*** Opening of RECORDED DATA ***

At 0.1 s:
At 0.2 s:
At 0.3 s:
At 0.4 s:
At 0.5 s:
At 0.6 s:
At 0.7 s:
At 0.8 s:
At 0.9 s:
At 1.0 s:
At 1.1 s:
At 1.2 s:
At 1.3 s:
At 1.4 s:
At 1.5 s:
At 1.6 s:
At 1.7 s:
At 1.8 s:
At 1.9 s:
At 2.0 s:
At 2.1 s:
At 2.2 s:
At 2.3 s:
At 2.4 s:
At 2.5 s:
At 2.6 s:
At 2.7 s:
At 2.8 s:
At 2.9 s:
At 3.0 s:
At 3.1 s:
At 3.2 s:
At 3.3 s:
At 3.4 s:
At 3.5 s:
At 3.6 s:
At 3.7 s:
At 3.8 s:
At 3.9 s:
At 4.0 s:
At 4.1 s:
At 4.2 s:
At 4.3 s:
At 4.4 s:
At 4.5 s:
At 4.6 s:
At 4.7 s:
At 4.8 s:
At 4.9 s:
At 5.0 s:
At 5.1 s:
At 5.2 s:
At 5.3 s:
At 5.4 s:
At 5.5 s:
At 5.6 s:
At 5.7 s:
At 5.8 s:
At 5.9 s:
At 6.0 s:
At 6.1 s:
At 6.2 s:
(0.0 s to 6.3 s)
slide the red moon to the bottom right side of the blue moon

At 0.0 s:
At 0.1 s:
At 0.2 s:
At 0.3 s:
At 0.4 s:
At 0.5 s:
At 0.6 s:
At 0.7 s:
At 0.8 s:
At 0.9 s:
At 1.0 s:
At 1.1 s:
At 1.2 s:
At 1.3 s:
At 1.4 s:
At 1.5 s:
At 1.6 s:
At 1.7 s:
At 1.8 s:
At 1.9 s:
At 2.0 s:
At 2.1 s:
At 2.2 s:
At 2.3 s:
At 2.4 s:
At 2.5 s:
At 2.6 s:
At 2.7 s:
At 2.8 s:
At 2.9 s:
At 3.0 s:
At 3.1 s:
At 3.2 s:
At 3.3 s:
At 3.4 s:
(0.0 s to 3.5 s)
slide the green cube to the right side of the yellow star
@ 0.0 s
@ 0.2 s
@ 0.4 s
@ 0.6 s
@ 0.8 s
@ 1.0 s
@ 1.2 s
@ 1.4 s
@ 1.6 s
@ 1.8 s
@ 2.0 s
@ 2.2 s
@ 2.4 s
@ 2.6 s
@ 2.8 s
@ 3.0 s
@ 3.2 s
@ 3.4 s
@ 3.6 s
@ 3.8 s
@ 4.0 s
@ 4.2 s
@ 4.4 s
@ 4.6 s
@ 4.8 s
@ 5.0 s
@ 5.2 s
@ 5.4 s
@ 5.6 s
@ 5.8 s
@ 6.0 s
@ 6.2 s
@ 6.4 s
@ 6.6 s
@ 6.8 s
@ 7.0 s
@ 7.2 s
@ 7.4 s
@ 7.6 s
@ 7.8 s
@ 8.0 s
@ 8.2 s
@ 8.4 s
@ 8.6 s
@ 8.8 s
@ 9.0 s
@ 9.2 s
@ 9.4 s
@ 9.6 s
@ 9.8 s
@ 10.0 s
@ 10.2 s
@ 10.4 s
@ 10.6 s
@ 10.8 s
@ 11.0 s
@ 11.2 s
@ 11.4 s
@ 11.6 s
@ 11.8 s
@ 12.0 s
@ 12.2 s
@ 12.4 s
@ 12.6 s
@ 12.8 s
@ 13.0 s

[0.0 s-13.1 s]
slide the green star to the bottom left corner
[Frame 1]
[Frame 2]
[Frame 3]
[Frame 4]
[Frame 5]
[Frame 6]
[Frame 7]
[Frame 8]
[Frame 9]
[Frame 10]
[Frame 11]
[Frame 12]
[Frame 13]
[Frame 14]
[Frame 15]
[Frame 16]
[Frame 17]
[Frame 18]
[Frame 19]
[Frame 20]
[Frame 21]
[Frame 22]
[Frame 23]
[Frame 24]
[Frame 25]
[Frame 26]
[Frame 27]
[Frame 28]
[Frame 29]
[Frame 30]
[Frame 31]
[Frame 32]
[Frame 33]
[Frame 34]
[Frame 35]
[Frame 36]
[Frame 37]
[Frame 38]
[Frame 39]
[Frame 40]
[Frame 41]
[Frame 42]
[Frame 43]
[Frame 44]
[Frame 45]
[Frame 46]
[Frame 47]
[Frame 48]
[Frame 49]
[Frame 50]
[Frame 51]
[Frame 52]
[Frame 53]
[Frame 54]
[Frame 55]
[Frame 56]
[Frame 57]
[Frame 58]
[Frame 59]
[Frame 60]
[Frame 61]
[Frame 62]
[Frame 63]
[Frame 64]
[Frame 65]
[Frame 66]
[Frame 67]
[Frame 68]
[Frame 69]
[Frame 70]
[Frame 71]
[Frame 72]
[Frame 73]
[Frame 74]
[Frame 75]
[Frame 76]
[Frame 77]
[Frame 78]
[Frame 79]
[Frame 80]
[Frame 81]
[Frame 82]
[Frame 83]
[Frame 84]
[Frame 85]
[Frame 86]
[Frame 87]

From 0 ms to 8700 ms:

*** Close of RECORDED DATA ***

> _EXERCISE OBJECTIVE_: Exactly as they appear above, print all the entries.

> _WRITTEN RESPONSE_:
At 0.1 s:
At 0.2 s:
At 0.3 s:
At 0.4 s:
At 0.5 s:
At 0.6 s:
At 0.7 s:
At 0.8 s:
At 0.9 s:
At 1.0 s:
At 1.1 s:
At 1.2 s:
At 1.3 s:
At 1.4 s:
At 1.5 s:
At 1.6 s:
At 1.7 s:
At 1.8 s:
At 1.9 s:
At 2.0 s:
At 2.1 s:
At 2.2 s:
At 2.3 s:
At 2.4 s:
At 2.5 s:
At 2.6 s:
At 2.7 s:
At 2.8 s:
At 2.9 s:
At 3.0 s:
At 3.1 s:
At 3.2 s:
At 3.3 s:
At 3.4 s:
At 3.5 s:
At 3.6 s:
At 3.7 s:
At 3.8 s:
At 3.9 s:
At 4.0 s:
At 4.1 s:
At 4.2 s:
At 4.3 s:
At 4.4 s:
At 4.5 s:
At 4.6 s:
At 4.7 s:
At 4.8 s:
At 4.9 s:
At 5.0 s:
At 5.1 s:
At 5.2 s:
At 5.3 s:
At 5.4 s:
At 5.5 s:
At 5.6 s:
At 5.7 s:
At 5.8 s:
At 5.9 s:
At 6.0 s:
At 6.1 s:
At 6.2 s:
(0.0 s to 6.3 s)
slide the red moon to the bottom right side of the blue moon

At 0.0 s:
At 0.1 s:
At 0.2 s:
At 0.3 s:
At 0.4 s:
At 0.5 s:
At 0.6 s:
At 0.7 s:
At 0.8 s:
At 0.9 s:
At 1.0 s:
At 1.1 s:
At 1.2 s:
At 1.3 s:
At 1.4 s:
At 1.5 s:
At 1.6 s:
At 1.7 s:
At 1.8 s:
At 1.9 s:
At 2.0 s:
At 2.1 s:
At 2.2 s:
At 2.3 s:
At 2.4 s:
At 2.5 s:
At 2.6 s:
At 2.7 s:
At 2.8 s:
At 2.9 s:
At 3.0 s:
At 3.1 s:
At 3.2 s:
At 3.3 s:
At 3.4 s:
(0.0 s to 3.5 s)
slide the green cube to the right side of the yellow star
@ 0.0 s
@ 0.2 s
@ 0.4 s
@ 0.6 s
@ 0.8 s
@ 1.0 s
@ 1.2 s
@ 1.4 s
@ 1.6 s
@ 1.8 s
@ 2.0 s
@ 2.2 s
@ 2.4 s
@ 2.6 s
@ 2.8 s
@ 3.0 s
@ 3.2 s
@ 3.4 s
@ 3.6 s
@ 3.8 s
@ 4.0 s
@ 4.2 s
@ 4.4 s
@ 4.6 s
@ 4.8 s
@ 5.0 s
@ 5.2 s
@ 5.4 s
@ 5.6 s
@ 5.8 s
@ 6.0 s
@ 6.2 s
@ 6.4 s
@ 6.6 s
@ 6.8 s
@ 7.0 s
@ 7.2 s
@ 7.4 s
@ 7.6 s
@ 7.8 s
@ 8.0 s
@ 8.2 s
@ 8.4 s
@ 8.6 s
@ 8.8 s
@ 9.0 s
@ 9.2 s
@ 9.4 s
@ 9.6 s
@ 9.8 s
@ 10.0 s
@ 10.2 s
@ 10.4 s
@ 10.6 s
@ 10.8 s
@ 11.0 s
@ 11.2 s
@ 11.4 s
@ 11.6 s
@ 11.8 s
@ 12.0 s
@ 12.2 s
@ 12.4 s
@ 12.6 s
@ 12.8 s
@ 13.0 s

[0.0 s-13.1 s]
slide the green star to the bottom left corner
[Frame 1]
[Frame 2]
[Frame 3]
[Frame 4]
[Frame 5]
[Frame 6]
[Frame 7]
[Frame 8]
[Frame 9]
[Frame 10]
[Frame 11]
[Frame 12]
[Frame 13]
[Frame 14]
[Frame 15]
[Frame 16]
[Frame 17]
[Frame 18]
[Frame 19]
[Frame 20]
[Frame 21]
[Frame 22]
[Frame 23]
[Frame 24]
[Frame 25]
[Frame 26]
[Frame 27]
[Frame 28]
[Frame 29]
[Frame 30]
[Frame 31]
[Frame 32]
[Frame 33]
[Frame 34]
[Frame 35]
[Frame 36]
[Frame 37]
[Frame 38]
[Frame 39]
[Frame 40]
[Frame 41]
[Frame 42]
[Frame 43]
[Frame 44]
[Frame 45]
[Frame 46]
[Frame 47]
[Frame 48]
[Frame 49]
[Frame 50]
[Frame 51]
[Frame 52]
[Frame 53]
[Frame 54]
[Frame 55]
[Frame 56]
[Frame 57]
[Frame 58]
[Frame 59]
[Frame 60]
[Frame 61]
[Frame 62]
[Frame 63]
[Frame 64]
[Frame 65]
[Frame 66]
[Frame 67]
[Frame 68]
[Frame 69]
[Frame 70]
[Frame 71]
[Frame 72]
[Frame 73]
[Frame 74]
[Frame 75]
[Frame 76]
[Frame 77]
[Frame 78]
[Frame 79]
[Frame 80]
[Frame 81]
[Frame 82]
[Frame 83]
[Frame 84]
[Frame 85]
[Frame 86]
[Frame 87]

From 0 ms to 8700 ms:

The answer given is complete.